3) I implemented the same algorithms in Google's Go language using goroutines to perform the parallel threads. The nice thing about this is that apart from a few syntax changes the code is almost statement for statement the same. Importantly Go has range checking on accesses to arrays and slices of arrays. I never get a bounds check error here, It works fine.
So I'm getting almost confident that the algorithm is good and OpenMP in propgcc is not quite there yet.
I have put the parallel fft in C and Go up on github together with the SimpleIDE project file I use.
https://github.com/ZiCog/fftbench
Anyone any ideas how I can run this problem down further?

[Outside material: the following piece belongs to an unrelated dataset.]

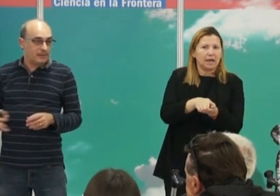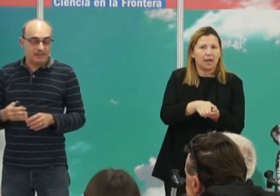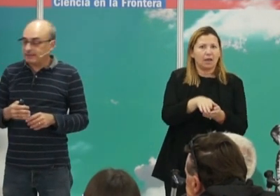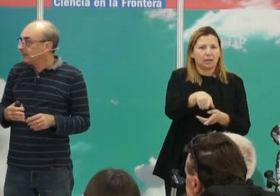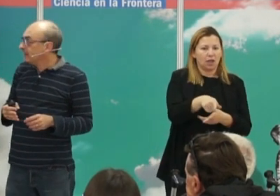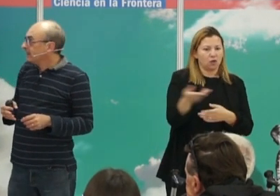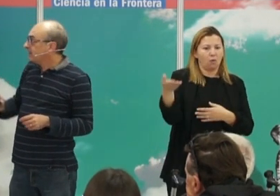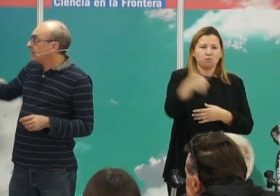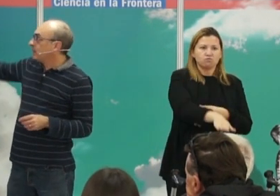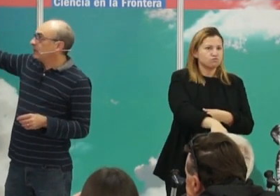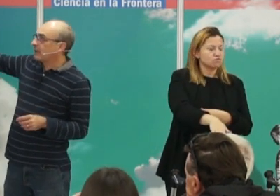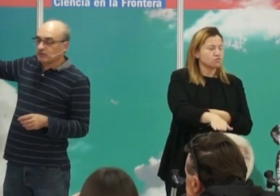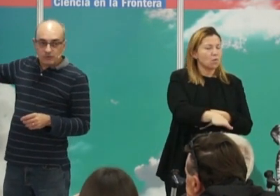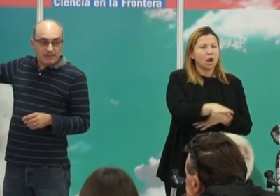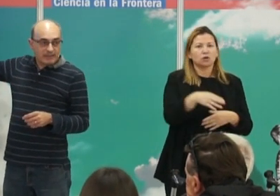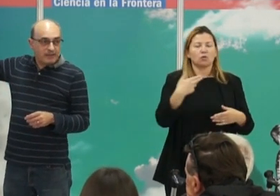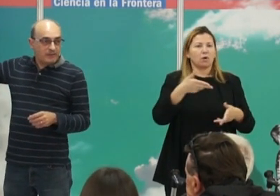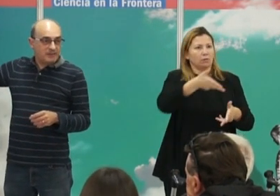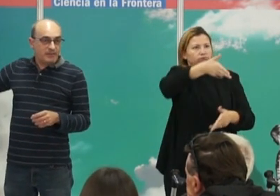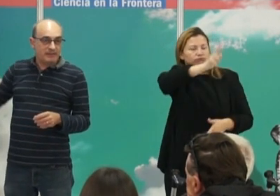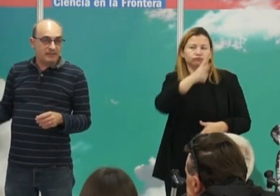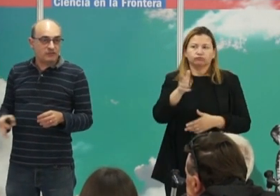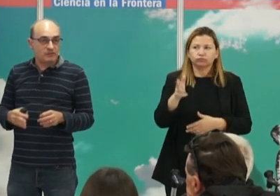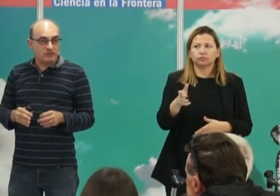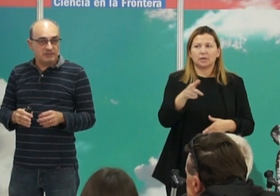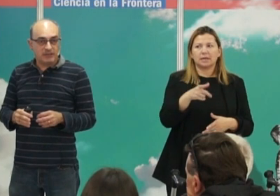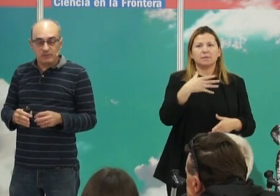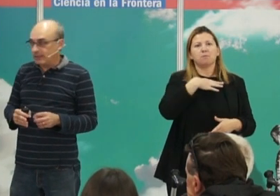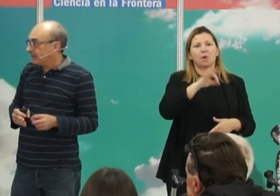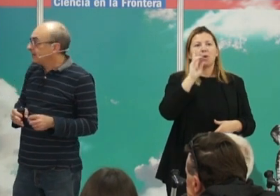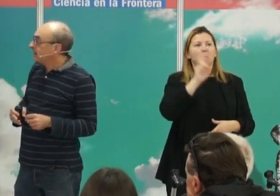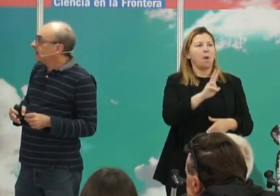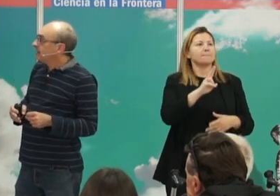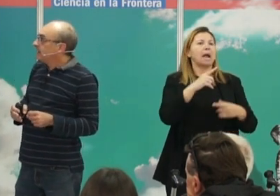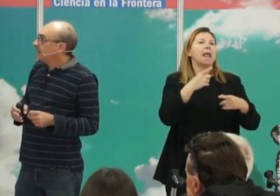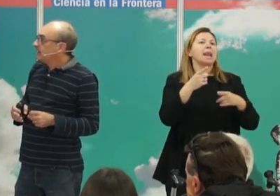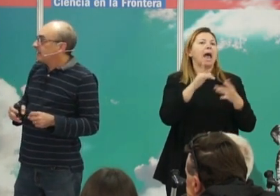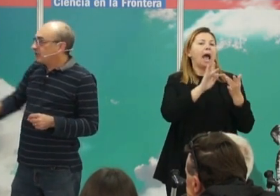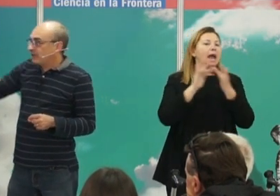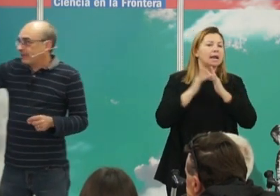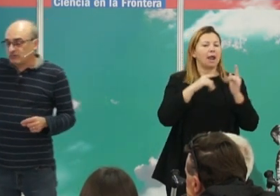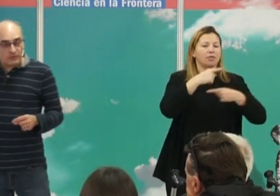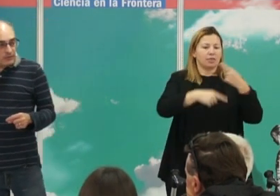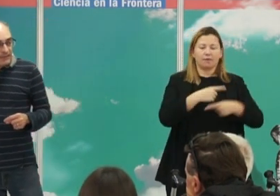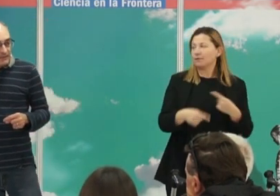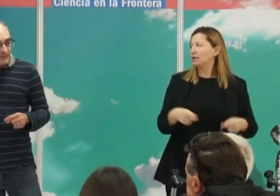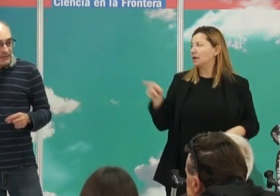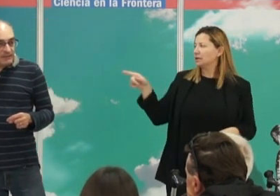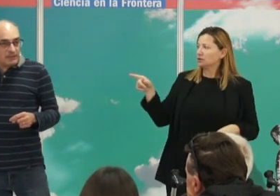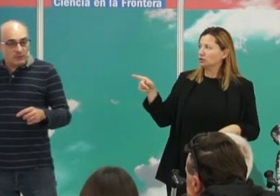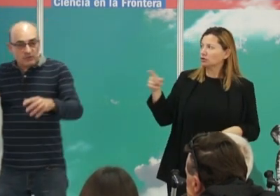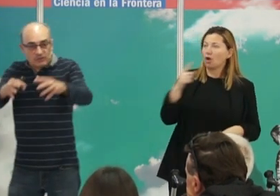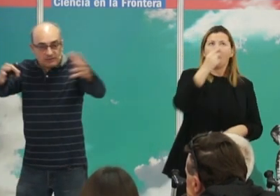violentamente y se han podido reconstruir las relaciones de parentesco de esta comunidad. Esto es una reconstrucción

Here are the expected results:
Here is what I get with the code as in github:
Tantalizingly close...
This has been driving me nuts ever since as I decided that what the world really needs is a parallel Fast Fourier Transform for the Propeller that can spread the work over 2 or 4 COGs.
Initial efforts were dismal. It was hard enough for me to get an FFT working at all, making it execute chunks in parallel gives me real headache. Anyway I now have a version of fft_bench that uses the OpenMP "parallel for" construct to divide the work up over 4 COGs. It runs just fine on my PC but is not going correctly on the propeller.
Here are the issues:
1) Using just a single COG the thing runs fine. Just remove the -fopenmp option, this still divides the work up into chunks but uses only a single thread to do the junks sequentially.
2) If you hack a couple of lines where "slices" is set up and run it for two COGs it runs fine.
2) Using 4 COGs and -Os the results are nearly correct. See below.
3) Turning off optimizations -O0 causes it to hang totally!
Always suspecting the issue is with my code, it usually is, I have spent a long time futzing with it. Chiefly:
1) It could be that parallel chunks are stepping on each others data. To check for this I now have a range check in the butterfly loops. So far this has never showed any out of bounds behaviour.
2) It could be that there is some odd timing issue, especially if 1) above were happening. To that end I have run versions of this with random time delays in the past. Currently if you hack a " printf(".............\n");" into the start of the butterfly loop it produces the correct results!
3) I implemented the same algorithms in Google's Go language using goroutines to perform the parallel threads. The nice thing about this is that apart from a few syntax changes the code is almost statement for statement the same. Importantly Go has range checking on accesses to arrays and slices of arrays. I never get a bounds check error here, It works fine.
So I'm getting almost confident that the algorithm is good and OpenMP in propgcc is not quite there yet.
I have put the parallel fft in C and Go up on github together with the SimpleIDE project file I use.
https://github.com/ZiCog/fftbench
Anyone any ideas how I can run this problem down further?
Here are the expected results:
fft_bench v1.2 OpenMP version = 3.0 Freq. Magnitude 00000000 000001FE 000000C0 000001FF 00000140 000001FF 00000200 000001FF 1024 point bit-reversal and butterfly run time = 493477 us
Here is what I get with the code as in github:
fft_bench v1.2 OpenMP version = 3.0 Freq. Magnitude 00000000 000001FF 00000001 000001FE 000000C0 000001FF 00000100 000001FE 00000101 00000470 00000140 000001FF 00000200 000001FF 1024 point bit-reversal and butterfly run time = 54636 us
Tantalizingly close...
Comments
The -O0 hang is pretty odd... can you tell where it's hanging? gdb should be working on the performance branch, so that may help out.
Eric
Yeah, sorry , this is a bit off the track for propgcc development I'm sure.
Looks like we have a race somewhere for sure, given that adding a printf gets us the correct result.
As I said I always suspect my code first, so I try to analyse it as much as possible. Just now I ran out of ideas.
Any advice on the steps to take with gdb? It's a long time since I used gdb for remote debugging and never with a multi-threaded app.